Мы представляем метод хроматин иммунопреципитации из спинных ганглиев ткани корневой следующие аксонального травмы. Подход может быть использован для определения конкретных сайтов связывания транскрипционных факторов и эпигенетические модификации гистонов и ДНК важны для регенерации аксонов ранения в обоих периферической и центральной нервной системы.
Аксоны в центральной нервной системе (ЦНС) не восстанавливаются в то время как в периферической нервной системы (ПНС) не регенерировать в ограниченном объеме после травмы (Дэн и соавт., 2006). Следует признать, что транскрипционный программы необходимы для аксонов и аксонального результатом активизируются после травмы в ПНС (Makwana и соавт., 2005). Однако инструменты, доступные для анализа нейронной регуляции генов в естественных условиях ограничено и часто сложной задачей.
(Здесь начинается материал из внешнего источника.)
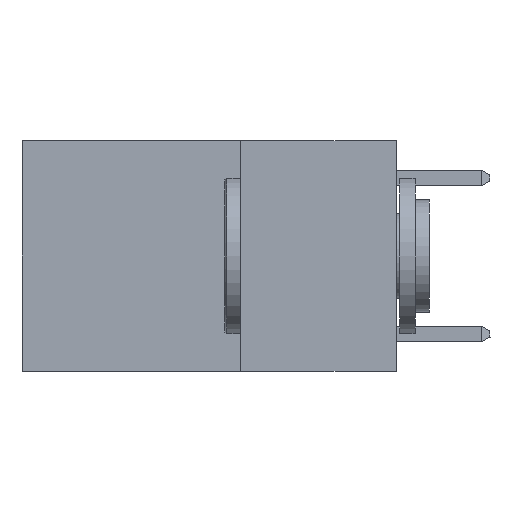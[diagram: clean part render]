
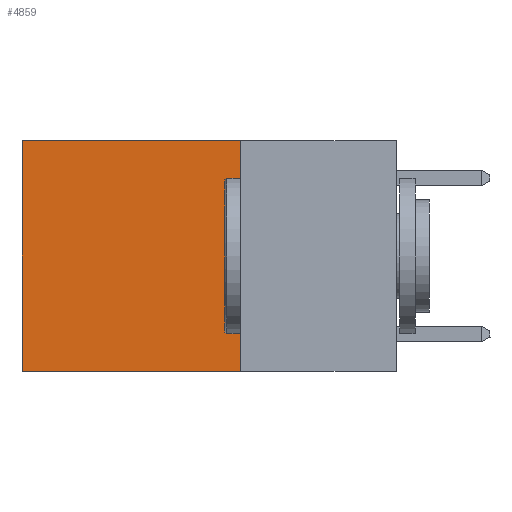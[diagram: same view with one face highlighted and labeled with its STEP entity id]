
A CAD part, left-side view. The second image highlights one B-rep face of the part: STEP entity #4859.
In plain terms, the highlighted planar face has unit normal (-1, 0, 0).
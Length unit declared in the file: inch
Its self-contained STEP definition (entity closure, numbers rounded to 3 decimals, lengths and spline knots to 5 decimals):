
#426 = FACE_OUTER_BOUND ( 'NONE', #13436, .T. ) ;
#723 = VERTEX_POINT ( 'NONE', #3413 ) ;
#1516 = DIRECTION ( 'NONE',  ( 1., 0., 0. ) ) ;
#1548 = ORIENTED_EDGE ( 'NONE', *, *, #8753, .T. ) ;
#3413 = CARTESIAN_POINT ( 'NONE',  ( 0.2625, 0.25, -0.37 ) ) ;
#4115 = DIRECTION ( 'NONE',  ( 0., 1., 0. ) ) ;
#4859 = ADVANCED_FACE ( 'NONE', ( #426 ), #24922, .F. ) ;
#6255 = CARTESIAN_POINT ( 'NONE',  ( 0.2625, 0.25, 0. ) ) ;
#6477 = VECTOR ( 'NONE', #14367, 39.37008 ) ;
#7159 = LINE ( 'NONE', #7877, #6477 ) ;
#7877 = CARTESIAN_POINT ( 'NONE',  ( 0.2625, 0.25, -0.37 ) ) ;
#7903 = EDGE_CURVE ( 'NONE', #723, #20942, #7159, .T. ) ;
#8392 = AXIS2_PLACEMENT_3D ( 'NONE', #14458, #1516, #16587 ) ;
#8405 = DIRECTION ( 'NONE',  ( 0., 0., -1. ) ) ;
#8457 = LINE ( 'NONE', #6255, #13495 ) ;
#8753 = EDGE_CURVE ( 'NONE', #16150, #26874, #8457, .T. ) ;
#8933 = LINE ( 'NONE', #24692, #25806 ) ;
#9079 = CARTESIAN_POINT ( 'NONE',  ( 0.2625, 0.6, -0.37 ) ) ;
#10017 = VECTOR ( 'NONE', #8405, 39.37008 ) ;
#12082 = EDGE_CURVE ( 'NONE', #26874, #20942, #20648, .T. ) ;
#12181 = CARTESIAN_POINT ( 'NONE',  ( 0.2625, 0.6, 0. ) ) ;
#13436 = EDGE_LOOP ( 'NONE', ( #14612, #19095, #20384, #1548 ) ) ;
#13495 = VECTOR ( 'NONE', #4115, 39.37008 ) ;
#14367 = DIRECTION ( 'NONE',  ( 0., 1., 0. ) ) ;
#14458 = CARTESIAN_POINT ( 'NONE',  ( 0.2625, 0.25, 0. ) ) ;
#14612 = ORIENTED_EDGE ( 'NONE', *, *, #12082, .T. ) ;
#16150 = VERTEX_POINT ( 'NONE', #19583 ) ;
#16252 = DIRECTION ( 'NONE',  ( 0., 0., -1. ) ) ;
#16587 = DIRECTION ( 'NONE',  ( 0., 0., -1. ) ) ;
#19095 = ORIENTED_EDGE ( 'NONE', *, *, #7903, .F. ) ;
#19583 = CARTESIAN_POINT ( 'NONE',  ( 0.2625, 0.25, 0. ) ) ;
#20384 = ORIENTED_EDGE ( 'NONE', *, *, #21067, .F. ) ;
#20648 = LINE ( 'NONE', #25244, #10017 ) ;
#20942 = VERTEX_POINT ( 'NONE', #9079 ) ;
#21067 = EDGE_CURVE ( 'NONE', #16150, #723, #8933, .T. ) ;
#24692 = CARTESIAN_POINT ( 'NONE',  ( 0.2625, 0.25, 0. ) ) ;
#24922 = PLANE ( 'NONE',  #8392 ) ;
#25244 = CARTESIAN_POINT ( 'NONE',  ( 0.2625, 0.6, 0. ) ) ;
#25806 = VECTOR ( 'NONE', #16252, 39.37008 ) ;
#26874 = VERTEX_POINT ( 'NONE', #12181 ) ;

Спинных ганглиев корня (DRG) предлагают отличные модели системы травм, так как ЦНС и ПНС иннервируются раздвоенный аксон происходящей из той же сомы. Ганглии представляют собой дискретные коллекция клеточных тел, где все транскрипционные события происходят, и тем самым обеспечить четкое определение области транскрипционной активности, которые можно легко и воспроизводимо удалены от животного. Повреждение нервных волокон в ПНС (например, седалищного нерва), где аксонального регенерация происходит, должно выявить набор транскрипционных программы, отличные от тех, отвечая на аналогичный травмы в ЦНС, где регенерации не происходит (например, спинного мозга ). Участки для связывания транскрипционных факторов, гистонов и ДНК модификации в результате несчастного случая либо ПНС или ЦНС могут быть охарактеризованы с помощью хроматин иммунопреципитации (чип).
Здесь мы описываем ChIP протокол с использованием фиксированных тканей DRG мыши следующий аксонального травмы. Это мощное сочетание обеспечивает средства для характеристики про-хроматина регенерации среды, необходимой для продвижения аксонального регенерации.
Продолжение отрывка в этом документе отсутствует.